Note: you may need to restart the kernel to use updated packages.


In [34]:
import os
import hvac
import mlflow

from pymongo.mongo_client import MongoClient
from pymongo.server_api import ServerApi

from pyspark.sql import SparkSession
from pyspark.ml.feature import VectorAssembler
from pyspark.ml.regression import LinearRegression
from pyspark.ml.evaluation import RegressionEvaluator

### Connect to Vault for Mongo connection values

In [32]:
client = hvac.Client(
    url=os.environ.get('VAULT_ADDR'),
    token=os.environ.get('VAULT_TOKEN'),
)

# print(client.is_authenticated())

try:
    secret_resp = client.secrets.kv.v2.read_secret_version(
        mount_point='kv', 
        path='f5.news', 
        raise_on_deleted_version=False
    )
    
    if secret_resp['data'] is not None:
        secret_values = secret_resp['data']['data']
        for secret, value in secret_values.items():
            os.environ[str(secret)] = str(value)
    else:
        print("The secret does not exist.")
except hvac.exceptions.InvalidPath:
    print("The path is invalid or the permission is denied.")
except hvac.exceptions.Forbidden:
    print("The permission is denied.")
except hvac.exceptions.VaultError as e:
    print(f"Vault error occurred: {e}")

### Configs

In [31]:
URI = os.environ['mongo_uri']
DATABASE = os.environ['database']
COLLECTION = os.environ['collection']

### Pull F5 records using pymongo client

In [7]:
# Create a new client and connect to the server
client = MongoClient(URI, server_api=ServerApi('1'))

# Send a ping to confirm a successful connection
try:
    client.admin.command('ping')
    print("Successfully connected to MongoDB")
except Exception as e:
    print(e)

try:
    database = client[DATABASE]
    collection = database[COLLECTION]

    # Query all documents in the collection
    documents = collection.find({"sub": "politics"}).sort({"upvoteCount": -1, "fetchedAt": -1})

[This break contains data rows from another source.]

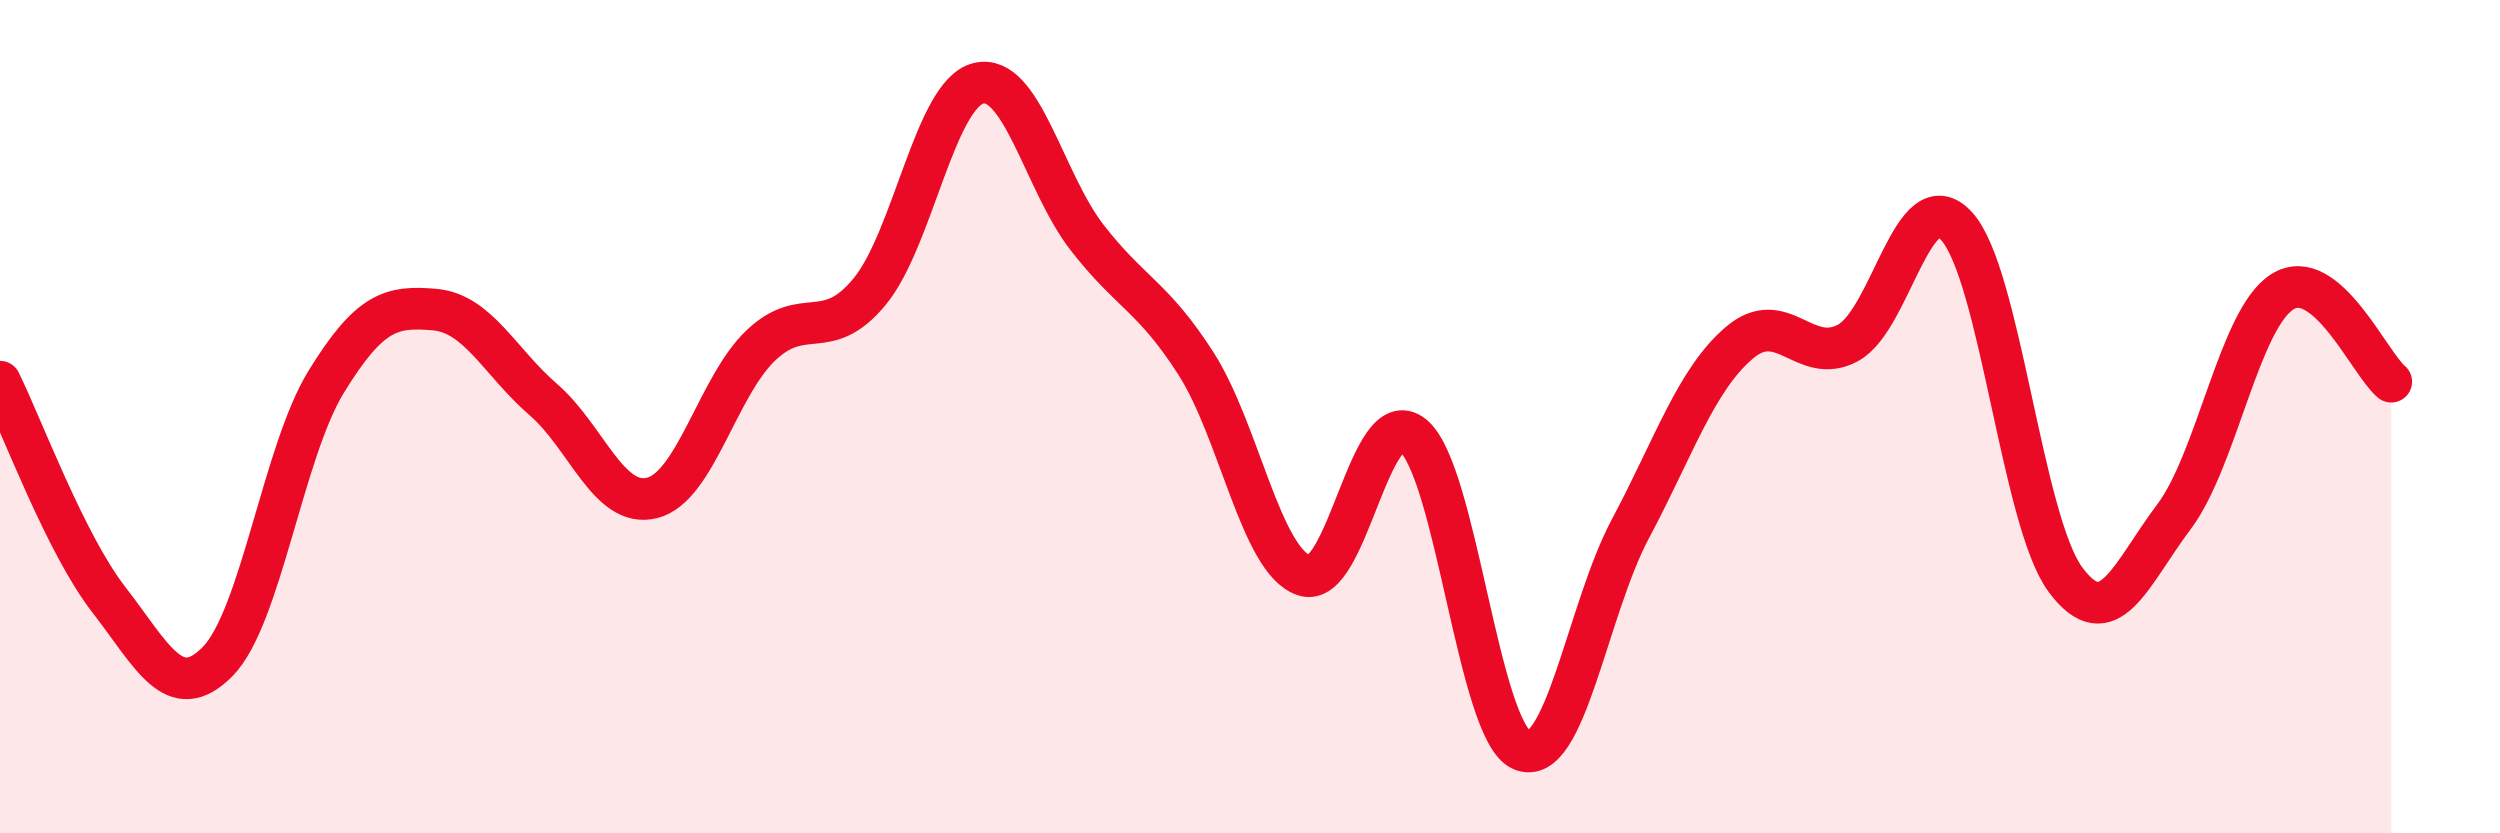 
    <svg width="60" height="20" viewBox="0 0 60 20" xmlns="http://www.w3.org/2000/svg">
      <path
        d="M 0,9.16 C 0.52,10.21 1.57,13.05 2.61,14.39 C 3.65,15.73 4.18,16.93 5.22,15.88 C 6.26,14.83 6.79,10.85 7.83,9.16 C 8.87,7.47 9.39,7.34 10.43,7.43 C 11.47,7.52 12,8.69 13.04,9.59 C 14.08,10.49 14.61,12.21 15.65,11.95 C 16.69,11.69 17.22,9.28 18.26,8.29 C 19.3,7.3 19.83,8.26 20.87,7 C 21.91,5.74 22.44,2.26 23.48,2 C 24.52,1.74 25.05,4.36 26.09,5.7 C 27.13,7.04 27.66,7.1 28.7,8.72 C 29.74,10.34 30.26,13.46 31.3,13.81 C 32.34,14.16 32.87,9.61 33.91,10.45 C 34.95,11.29 35.48,17.55 36.52,18 C 37.56,18.45 38.09,14.64 39.13,12.69 C 40.17,10.74 40.7,9.12 41.74,8.23 C 42.78,7.34 43.31,8.79 44.35,8.23 C 45.39,7.67 45.92,4.29 46.96,5.43 C 48,6.57 48.53,12.51 49.57,13.91 C 50.61,15.31 51.13,13.79 52.17,12.41 C 53.21,11.03 53.74,7.65 54.78,7 C 55.82,6.35 56.87,8.73 57.39,9.16L57.39 20L0 20Z"
        fill="#EB0A25"
        opacity="0.1"
        stroke-linecap="round"
        stroke-linejoin="round"
      />
      <path
        d="M 0,9.16 C 0.52,10.21 1.57,13.05 2.61,14.39 C 3.65,15.73 4.18,16.93 5.22,15.88 C 6.26,14.83 6.79,10.85 7.83,9.16 C 8.87,7.47 9.39,7.34 10.43,7.43 C 11.47,7.52 12,8.69 13.04,9.59 C 14.08,10.49 14.61,12.21 15.65,11.95 C 16.69,11.69 17.22,9.28 18.26,8.29 C 19.3,7.3 19.83,8.26 20.87,7 C 21.91,5.74 22.44,2.26 23.48,2 C 24.52,1.74 25.05,4.36 26.09,5.7 C 27.13,7.04 27.66,7.1 28.7,8.72 C 29.74,10.34 30.26,13.46 31.3,13.81 C 32.34,14.16 32.87,9.61 33.91,10.45 C 34.95,11.29 35.48,17.55 36.52,18 C 37.56,18.45 38.09,14.64 39.13,12.69 C 40.17,10.74 40.7,9.12 41.74,8.23 C 42.78,7.34 43.31,8.79 44.35,8.23 C 45.39,7.67 45.92,4.29 46.96,5.43 C 48,6.57 48.53,12.51 49.57,13.91 C 50.61,15.31 51.13,13.79 52.17,12.41 C 53.21,11.03 53.74,7.65 54.78,7 C 55.82,6.35 56.87,8.73 57.39,9.16"
        stroke="#EB0A25"
        stroke-width="1"
        fill="none"
        stroke-linecap="round"
        stroke-linejoin="round"
      />
    </svg>

    # Iterate over the cursor to access the documents
    for doc in documents:
        print(doc["title"])
        print(doc["fetchedAt"])
        print(doc["upvoteCount"], "upvotes")
        print()
except Exception as e:
    print(e)

Joe Biden suddenly leads Donald Trump in multiple polls
2024-03-12 13:44:05.327000
42643 upvotes

Trump crowd goes silent as he confuses Biden and Obama again
2024-03-04 16:44:05.262000
31825 upvotes

Biden Just Delivered a Top Career Performance. He Needed It.
2024-03-09 14:59:05.814000
29299 upvotes

Biden: 'You can't love your country only when you win'
2024-03-08 18:39:05.353000
27371 upvotes

Mark Cuban Backs Biden in 2024, Urging More Action on Drug Costs
2024-03-05 16:49:05.281000
27178 upvotes

Biden proposes tax increase on fuel for private jets, casting it as making wealthy pay their share
2024-03-12 16:49:05.395000
26928 upvotes

Dr. John Gartner: The world is watching "a fundamental breakdown in Trump’s ability to use language"
2024-03-08 06:49:05.200000
26550 upvotes

Maddening New Poll: Voters Are Unaware of Trump “Dictator” Threats
2024-03-06 11:44:05.362000
23939 upvotes

Biden said Republicans oppose women's rights — Katie Britt's "tradwife" response proved him right
2

### Connect to Spark

In [38]:
with mlflow.start_run():
    # Log parameters
    mlflow.log_param("param1", "value1")
    mlflow.log_param("param2", "value2")
    
    try:
        # Create a SparkSession
        spark = SparkSession.builder \
            .appName("F5-MLflow-Spark") \
            .config("spark.jars.packages", "org.mongodb.spark:mongo-spark-connector_2.12:3.0.1") \
            .getOrCreate()
    
        # Sample DataFrame with "title" and "upvoteCount" columns
        data = spark.createDataFrame([
            ("Title 1", 10.0),
            ("Title 2", 15.0),
            ("Title 3", 20.0)
        ], ["title", "upvoteCount"])

        # Convert "title" column to numerical features using TF-IDF or other text vectorization techniques
        # For demonstration purposes, we'll just use a simple one-hot encoding
        title_vectorizer = VectorAssembler(inputCols=["title"], outputCol="title_features")
        title_vectorized = title_vectorizer.transform(data)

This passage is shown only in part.